# Problem description
Please copy all of the entries exactly, but drop every picture.

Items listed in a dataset

============================================================

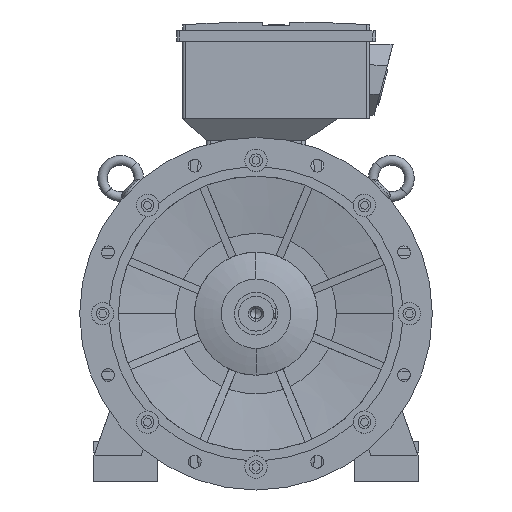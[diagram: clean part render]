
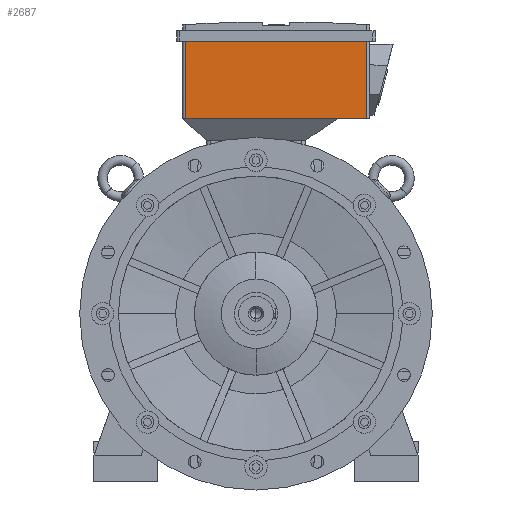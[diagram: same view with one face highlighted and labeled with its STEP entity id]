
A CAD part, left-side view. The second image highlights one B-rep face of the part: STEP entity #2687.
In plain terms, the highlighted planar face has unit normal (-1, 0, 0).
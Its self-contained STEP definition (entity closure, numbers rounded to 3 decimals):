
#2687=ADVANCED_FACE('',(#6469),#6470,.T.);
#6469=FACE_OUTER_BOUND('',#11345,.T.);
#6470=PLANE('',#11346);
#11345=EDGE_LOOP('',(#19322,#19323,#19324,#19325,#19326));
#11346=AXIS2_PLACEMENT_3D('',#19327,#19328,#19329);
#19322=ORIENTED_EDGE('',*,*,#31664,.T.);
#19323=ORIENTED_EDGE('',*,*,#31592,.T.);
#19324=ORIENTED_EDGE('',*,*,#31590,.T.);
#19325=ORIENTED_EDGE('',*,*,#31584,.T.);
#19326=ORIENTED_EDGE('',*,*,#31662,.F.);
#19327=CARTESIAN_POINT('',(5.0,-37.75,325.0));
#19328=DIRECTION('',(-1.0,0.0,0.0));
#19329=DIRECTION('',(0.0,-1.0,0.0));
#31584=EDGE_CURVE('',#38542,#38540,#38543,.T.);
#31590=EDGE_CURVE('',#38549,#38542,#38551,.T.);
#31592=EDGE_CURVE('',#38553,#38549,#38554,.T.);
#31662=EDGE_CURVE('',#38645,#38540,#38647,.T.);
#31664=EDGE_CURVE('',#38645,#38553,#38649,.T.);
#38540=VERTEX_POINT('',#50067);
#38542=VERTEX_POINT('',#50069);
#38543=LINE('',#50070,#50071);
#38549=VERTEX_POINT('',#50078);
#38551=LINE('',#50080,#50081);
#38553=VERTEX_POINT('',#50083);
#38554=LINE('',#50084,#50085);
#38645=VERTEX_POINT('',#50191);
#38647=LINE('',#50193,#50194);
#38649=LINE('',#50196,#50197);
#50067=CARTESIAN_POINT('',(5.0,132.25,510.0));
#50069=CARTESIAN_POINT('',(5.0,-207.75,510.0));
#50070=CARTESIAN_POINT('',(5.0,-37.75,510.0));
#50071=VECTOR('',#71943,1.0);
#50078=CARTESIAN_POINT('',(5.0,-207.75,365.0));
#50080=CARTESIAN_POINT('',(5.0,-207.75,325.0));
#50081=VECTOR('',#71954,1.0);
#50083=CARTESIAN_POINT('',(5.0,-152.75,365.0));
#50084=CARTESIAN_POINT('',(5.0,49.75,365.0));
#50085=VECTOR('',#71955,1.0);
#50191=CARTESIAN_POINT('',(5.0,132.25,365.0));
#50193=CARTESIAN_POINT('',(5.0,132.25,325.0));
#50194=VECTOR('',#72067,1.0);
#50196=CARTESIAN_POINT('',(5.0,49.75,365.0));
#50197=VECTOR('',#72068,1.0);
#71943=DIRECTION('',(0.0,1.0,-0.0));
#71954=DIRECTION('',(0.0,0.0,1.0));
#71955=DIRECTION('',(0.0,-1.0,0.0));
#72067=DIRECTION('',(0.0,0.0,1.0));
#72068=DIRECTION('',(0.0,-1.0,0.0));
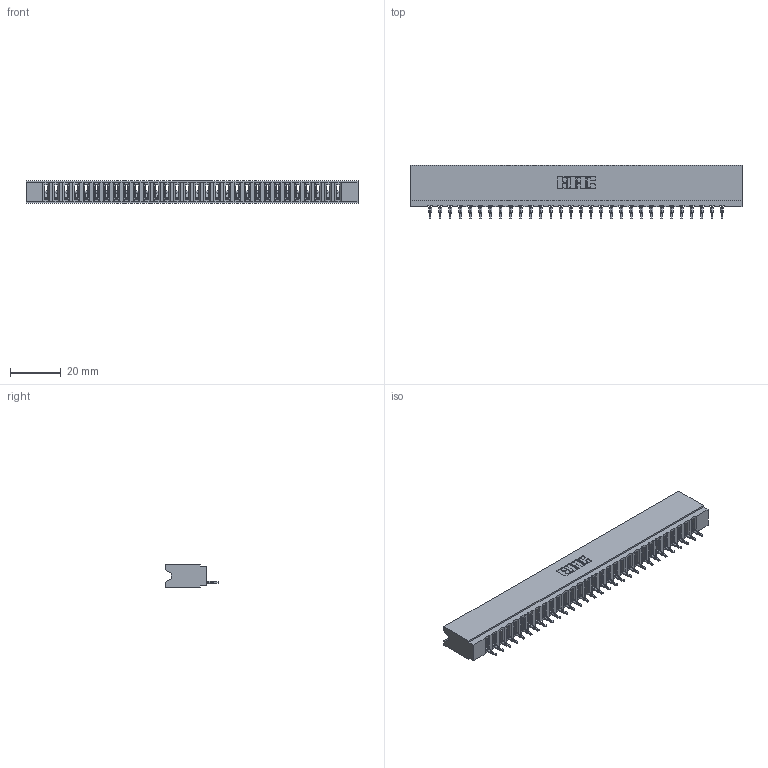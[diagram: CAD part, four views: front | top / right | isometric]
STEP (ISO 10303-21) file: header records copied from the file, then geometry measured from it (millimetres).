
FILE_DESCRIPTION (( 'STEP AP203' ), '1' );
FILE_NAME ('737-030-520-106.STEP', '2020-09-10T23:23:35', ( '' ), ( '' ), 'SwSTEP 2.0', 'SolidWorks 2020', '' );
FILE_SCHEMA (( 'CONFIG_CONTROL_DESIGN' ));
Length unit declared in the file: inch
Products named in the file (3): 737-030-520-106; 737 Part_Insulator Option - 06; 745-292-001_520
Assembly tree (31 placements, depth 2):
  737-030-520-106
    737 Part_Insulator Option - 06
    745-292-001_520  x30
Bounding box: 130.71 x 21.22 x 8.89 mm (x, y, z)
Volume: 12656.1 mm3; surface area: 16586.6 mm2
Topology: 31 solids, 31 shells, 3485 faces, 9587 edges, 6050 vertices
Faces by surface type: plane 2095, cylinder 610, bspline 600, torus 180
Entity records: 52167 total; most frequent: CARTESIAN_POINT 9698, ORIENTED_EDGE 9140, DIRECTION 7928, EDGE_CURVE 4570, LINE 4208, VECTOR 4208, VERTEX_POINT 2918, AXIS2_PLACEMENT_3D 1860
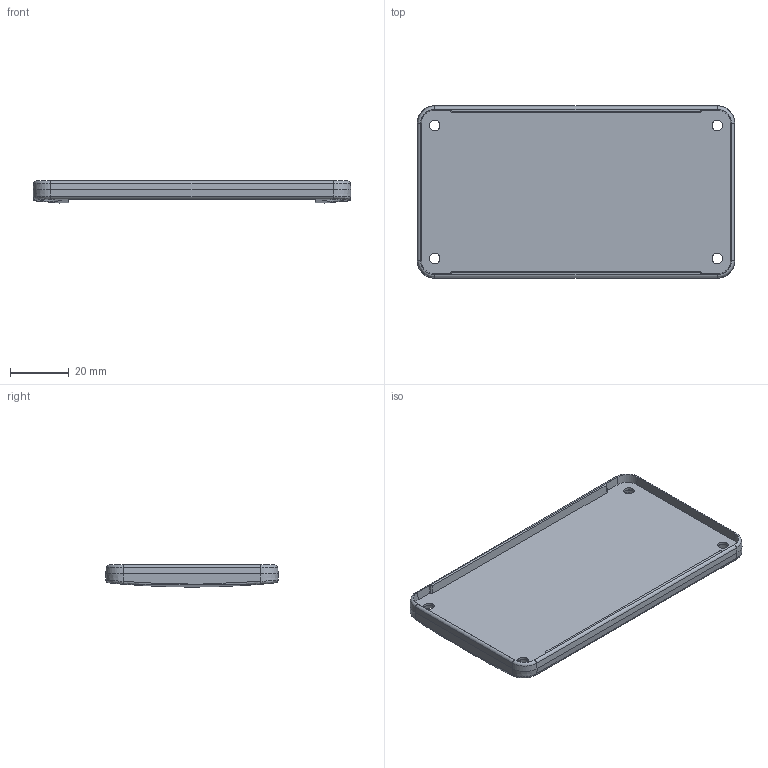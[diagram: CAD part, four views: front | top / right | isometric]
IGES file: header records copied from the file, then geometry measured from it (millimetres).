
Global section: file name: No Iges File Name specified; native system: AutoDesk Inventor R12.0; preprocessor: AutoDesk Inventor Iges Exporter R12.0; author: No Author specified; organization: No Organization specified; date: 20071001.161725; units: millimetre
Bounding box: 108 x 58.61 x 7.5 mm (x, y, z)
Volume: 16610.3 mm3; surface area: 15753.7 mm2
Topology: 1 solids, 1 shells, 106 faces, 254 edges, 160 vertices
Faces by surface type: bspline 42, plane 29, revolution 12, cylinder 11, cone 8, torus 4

============================================================

# Reply
[diagram: clean part render]
[diagram: same view with one face highlighted and labeled with its STEP entity id]
A CAD part, left-side view. The second image highlights one B-rep face of the part: STEP entity #2687.
In plain terms, the highlighted planar face has unit normal (-1, 0, 0).
Its self-contained STEP definition (entity closure, numbers rounded to 3 decimals):
#2687=ADVANCED_FACE('',(#6469),#6470,.T.);
#6469=FACE_OUTER_BOUND('',#11345,.T.);
#6470=PLANE('',#11346);
#11345=EDGE_LOOP('',(#19322,#19323,#19324,#19325,#19326));
#11346=AXIS2_PLACEMENT_3D('',#19327,#19328,#19329);
#19322=ORIENTED_EDGE('',*,*,#31664,.T.);
#19323=ORIENTED_EDGE('',*,*,#31592,.T.);
#19324=ORIENTED_EDGE('',*,*,#31590,.T.);
#19325=ORIENTED_EDGE('',*,*,#31584,.T.);
#19326=ORIENTED_EDGE('',*,*,#31662,.F.);
#19327=CARTESIAN_POINT('',(5.0,-37.75,325.0));
#19328=DIRECTION('',(-1.0,0.0,0.0));
#19329=DIRECTION('',(0.0,-1.0,0.0));
#31584=EDGE_CURVE('',#38542,#38540,#38543,.T.);
#31590=EDGE_CURVE('',#38549,#38542,#38551,.T.);
#31592=EDGE_CURVE('',#38553,#38549,#38554,.T.);
#31662=EDGE_CURVE('',#38645,#38540,#38647,.T.);
#31664=EDGE_CURVE('',#38645,#38553,#38649,.T.);
#38540=VERTEX_POINT('',#50067);
#38542=VERTEX_POINT('',#50069);
#38543=LINE('',#50070,#50071);
#38549=VERTEX_POINT('',#50078);
#38551=LINE('',#50080,#50081);
#38553=VERTEX_POINT('',#50083);
#38554=LINE('',#50084,#50085);
#38645=VERTEX_POINT('',#50191);
#38647=LINE('',#50193,#50194);
#38649=LINE('',#50196,#50197);
#50067=CARTESIAN_POINT('',(5.0,132.25,510.0));
#50069=CARTESIAN_POINT('',(5.0,-207.75,510.0));
#50070=CARTESIAN_POINT('',(5.0,-37.75,510.0));
#50071=VECTOR('',#71943,1.0);
#50078=CARTESIAN_POINT('',(5.0,-207.75,365.0));
#50080=CARTESIAN_POINT('',(5.0,-207.75,325.0));
#50081=VECTOR('',#71954,1.0);
#50083=CARTESIAN_POINT('',(5.0,-152.75,365.0));
#50084=CARTESIAN_POINT('',(5.0,49.75,365.0));
#50085=VECTOR('',#71955,1.0);
#50191=CARTESIAN_POINT('',(5.0,132.25,365.0));
#50193=CARTESIAN_POINT('',(5.0,132.25,325.0));
#50194=VECTOR('',#72067,1.0);
#50196=CARTESIAN_POINT('',(5.0,49.75,365.0));
#50197=VECTOR('',#72068,1.0);
#71943=DIRECTION('',(0.0,1.0,-0.0));
#71954=DIRECTION('',(0.0,0.0,1.0));
#71955=DIRECTION('',(0.0,-1.0,0.0));
#72067=DIRECTION('',(0.0,0.0,1.0));
#72068=DIRECTION('',(0.0,-1.0,0.0));
[diagram: CAD part, four views: front | top / right | isometric]
STEP (ISO 10303-21) file: header records copied from the file, then geometry measured from it (millimetres).
FILE_DESCRIPTION (( 'STEP AP203' ), '1' );
FILE_NAME ('737-030-520-106.STEP', '2020-09-10T23:23:35', ( '' ), ( '' ), 'SwSTEP 2.0', 'SolidWorks 2020', '' );
FILE_SCHEMA (( 'CONFIG_CONTROL_DESIGN' ));
Length unit declared in the file: inch
Products named in the file (3): 737-030-520-106; 737 Part_Insulator Option - 06; 745-292-001_520
Assembly tree (31 placements, depth 2):
  737-030-520-106
    737 Part_Insulator Option - 06
    745-292-001_520  x30
Bounding box: 130.71 x 21.22 x 8.89 mm (x, y, z)
Volume: 12656.1 mm3; surface area: 16586.6 mm2
Topology: 31 solids, 31 shells, 3485 faces, 9587 edges, 6050 vertices
Faces by surface type: plane 2095, cylinder 610, bspline 600, torus 180
Entity records: 52167 total; most frequent: CARTESIAN_POINT 9698, ORIENTED_EDGE 9140, DIRECTION 7928, EDGE_CURVE 4570, LINE 4208, VECTOR 4208, VERTEX_POINT 2918, AXIS2_PLACEMENT_3D 1860
[diagram: CAD part, four views: front | top / right | isometric]
IGES file: header records copied from the file, then geometry measured from it (millimetres).
Global section: file name: No Iges File Name specified; native system: AutoDesk Inventor R12.0; preprocessor: AutoDesk Inventor Iges Exporter R12.0; author: No Author specified; organization: No Organization specified; date: 20071001.161725; units: millimetre
Bounding box: 108 x 58.61 x 7.5 mm (x, y, z)
Volume: 16610.3 mm3; surface area: 15753.7 mm2
Topology: 1 solids, 1 shells, 106 faces, 254 edges, 160 vertices
Faces by surface type: bspline 42, plane 29, revolution 12, cylinder 11, cone 8, torus 4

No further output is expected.